The EU-funded project 'Plasmonically enhanced colloidal quantum dot photodetectors and photovoltaics' (PECQDPV) studied the optical and electrical effects of embedding engineered photonic structures in simple photoconductor and photodiode devices, fabricated from lead–sulphide (PbS) CQD films.

Using photoconductor test devices with embedded arrays of random, self-assembled metal nanoparticles that strongly scatter light, scientists demonstrated a 2.4 increase in photocurrent at wavelengths around the exciton peaks of PbS quantum dots of a given size.

Furthermore, they studied the electrical effects of embedding other metal nanostructures in these devices. Depending on the metal, direct contact with nanoparticles led to photocurrent suppression or enhancement. These findings were important for designing plasmonic CQD optoelectronic devices.

Focus was also placed on exploring the physical mechanisms behind plasmonic enhancement.

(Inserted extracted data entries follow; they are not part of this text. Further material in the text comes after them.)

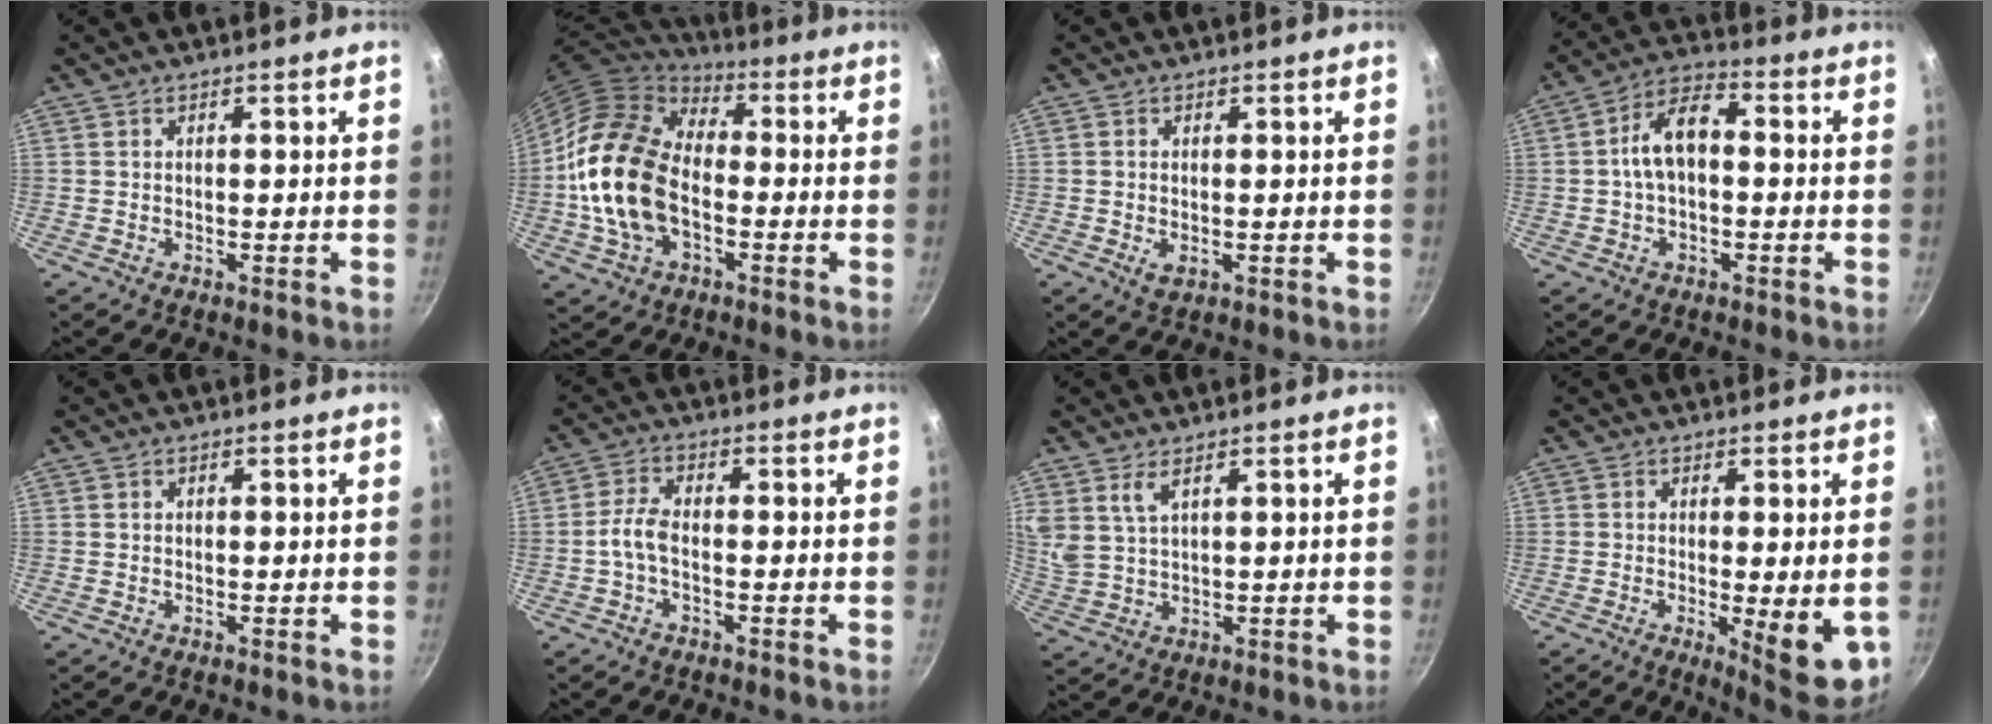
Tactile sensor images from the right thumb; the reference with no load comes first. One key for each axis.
{"total": 19.1, "fx": -2.9, "fy": 12.6, "fz": 14.2, "tx": -0.245, "ty": 0.031, "tz": -0.064}
{"total": 2.0, "fx": -0.4, "fy": 1.2, "fz": 1.6, "tx": -0.029, "ty": -0.005, "tz": -0.003}
{"total": 8.7, "fx": -0.2, "fy": 5.1, "fz": 7.1, "tx": -0.114, "ty": 0.037, "tz": -0.013}
{"total": 0.5, "fx": 0.2, "fy": 0.5, "fz": 0.2, "tx": -0.001, "ty": 0.004, "tz": 0.002}
{"total": 3.9, "fx": -1.3, "fy": 1.7, "fz": 3.3, "tx": -0.076, "ty": 0.018, "tz": -0.035}
{"total": 4.6, "fx": 2.6, "fy": 2.1, "fz": 3.2, "tx": -0.061, "ty": -0.018, "tz": 0.062}
{"total": 9.8, "fx": -1.5, "fy": 2.5, "fz": 9.3, "tx": -0.115, "ty": -0.013, "tz": -0.011}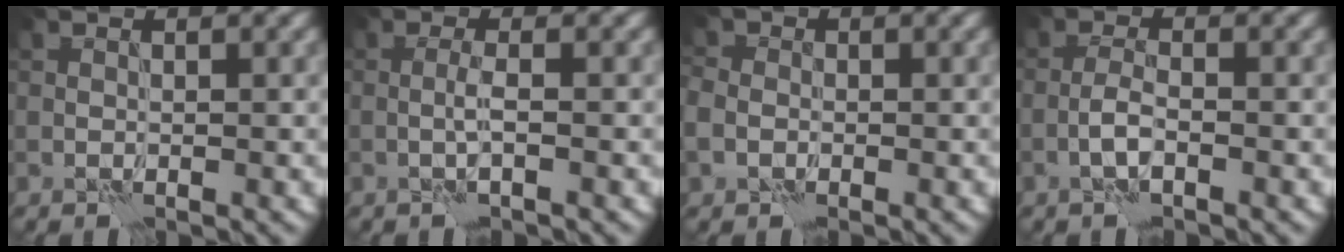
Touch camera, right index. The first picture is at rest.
{"total": 1.3, "force": [-0.3, -0.1, 1.2], "torque": [-0.027, 0.004, -0.009]}
{"total": 2.4, "force": [-0.6, 2.1, 1.0], "torque": [-0.014, 0.000, -0.015]}
{"total": 1.8, "force": [-0.8, 0.4, 1.6], "torque": [-0.034, 0.006, -0.022]}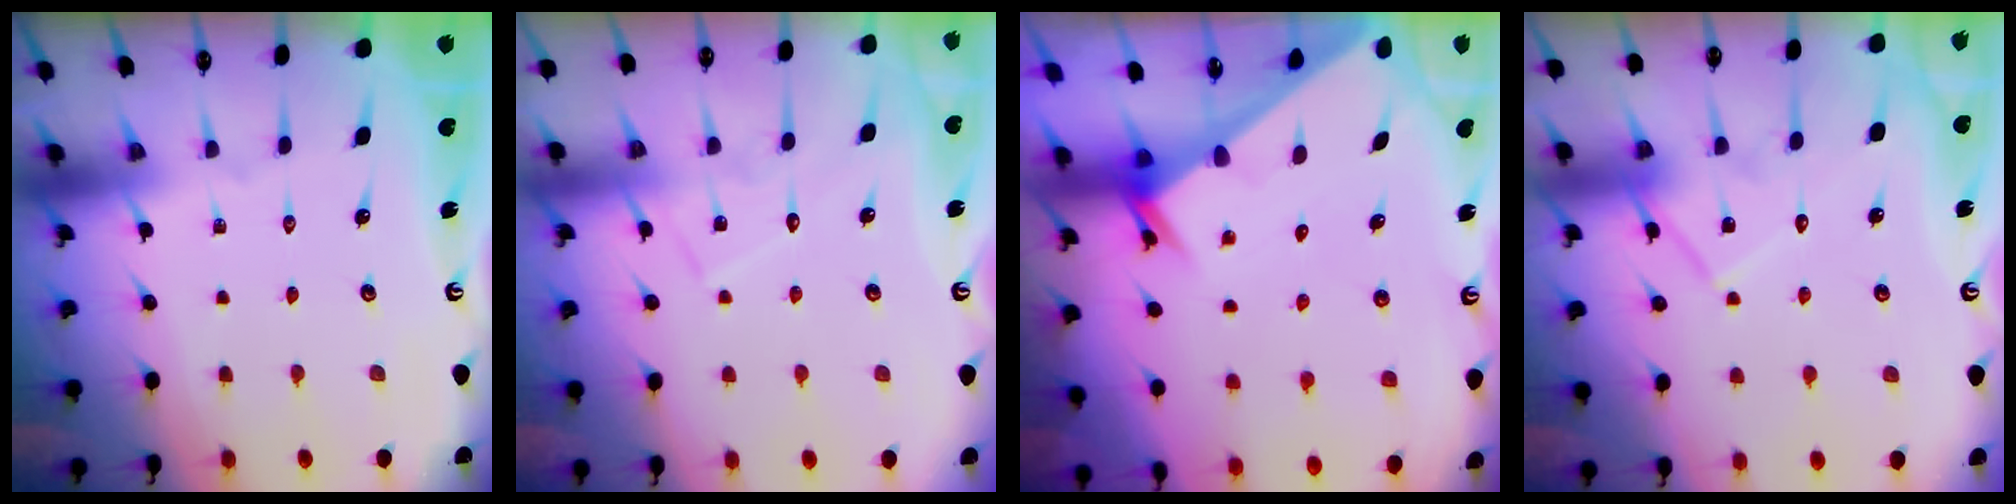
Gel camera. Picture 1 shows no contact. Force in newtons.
{"total": 7.0, "press": 6.9, "slide": 0.6}
{"total": 2.1, "press": 2.1, "slide": 0.1}
{"total": 12.9, "press": 12.9, "slide": 0.9}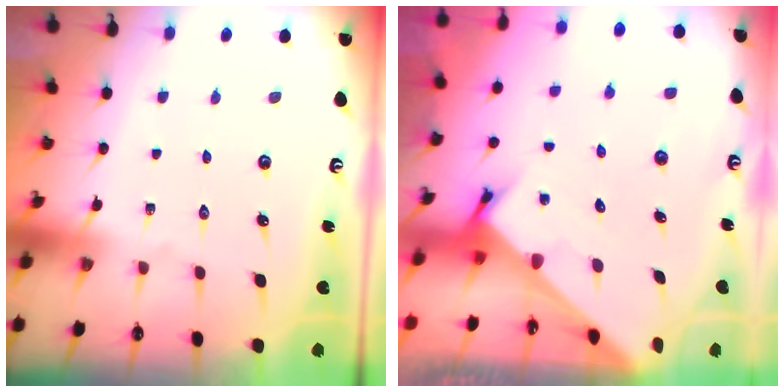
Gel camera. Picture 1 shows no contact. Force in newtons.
{"total": 2.4, "press": 2.4, "slide": 0.2}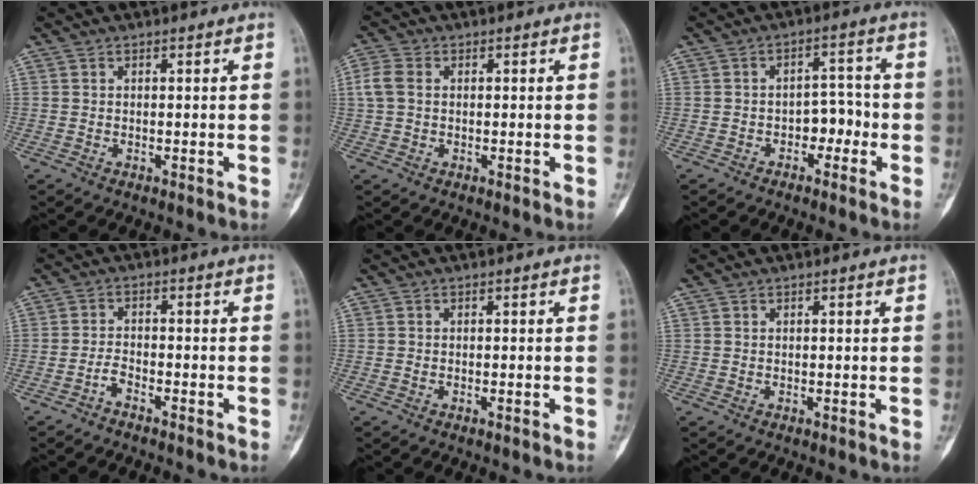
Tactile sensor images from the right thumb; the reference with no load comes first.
{"total": 3.8, "force": [0.4, 2.8, 2.5], "torque": [-0.066, 0.011, 0.003]}
{"total": 5.1, "force": [-1.9, 3.4, 3.2], "torque": [-0.024, 0.030, -0.036]}
{"total": 2.3, "force": [-1.9, 0.5, 1.1], "torque": [-0.025, 0.020, -0.039]}
{"total": 0.5, "force": [-0.4, 0.1, 0.4], "torque": [-0.011, 0.004, -0.004]}
{"total": 0.0}

To this end, scientists performed full-field optical simulations and developed simple analytical models. In simulations with Ag nanoparticles, the angular distribution of the scattered light was found to be relatively narrow, thus reducing its overall light-trapping potential. Experimental studies showed that mode structure of the thin semiconductor film is fundamental in determining the amount of light trapping.

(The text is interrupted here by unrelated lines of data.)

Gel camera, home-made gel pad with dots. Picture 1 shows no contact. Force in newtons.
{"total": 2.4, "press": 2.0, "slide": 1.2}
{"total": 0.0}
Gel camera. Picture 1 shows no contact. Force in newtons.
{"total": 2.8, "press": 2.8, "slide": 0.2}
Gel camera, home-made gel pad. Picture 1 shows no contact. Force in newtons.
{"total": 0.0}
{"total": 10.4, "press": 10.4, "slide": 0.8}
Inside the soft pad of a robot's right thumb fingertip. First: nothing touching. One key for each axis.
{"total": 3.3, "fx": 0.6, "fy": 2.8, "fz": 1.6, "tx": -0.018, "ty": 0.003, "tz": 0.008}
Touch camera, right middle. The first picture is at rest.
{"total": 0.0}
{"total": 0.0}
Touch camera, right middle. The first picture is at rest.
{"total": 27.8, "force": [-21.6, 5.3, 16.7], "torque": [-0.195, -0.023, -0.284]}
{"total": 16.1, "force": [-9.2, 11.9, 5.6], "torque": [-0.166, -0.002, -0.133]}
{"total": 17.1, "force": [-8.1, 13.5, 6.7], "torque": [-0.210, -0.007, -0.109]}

To increase the efficiency of light trapping beyond that provided by random structures, periodically arranged nanostructures were investigated. Scientists developed a conceptual model to provide simple design rules for optimal light trapping in thin films with 2D grating couplers. The grating couplers were integrated into photodiodes as the Au back contact, and achieved photocurrent enhancements of up to a factor of 3 for thin diodes and 1.5 for thick diodes, relative to planar reference devices of similar thickness.

PECQDPV sought to enhance the absorption of CQD devices by incorporating plasmonic nanostructures. The findings enhance understanding of the challenges regarding choice of plasmonic material and methods that enhance light trapping in a CQD device of particular geometry.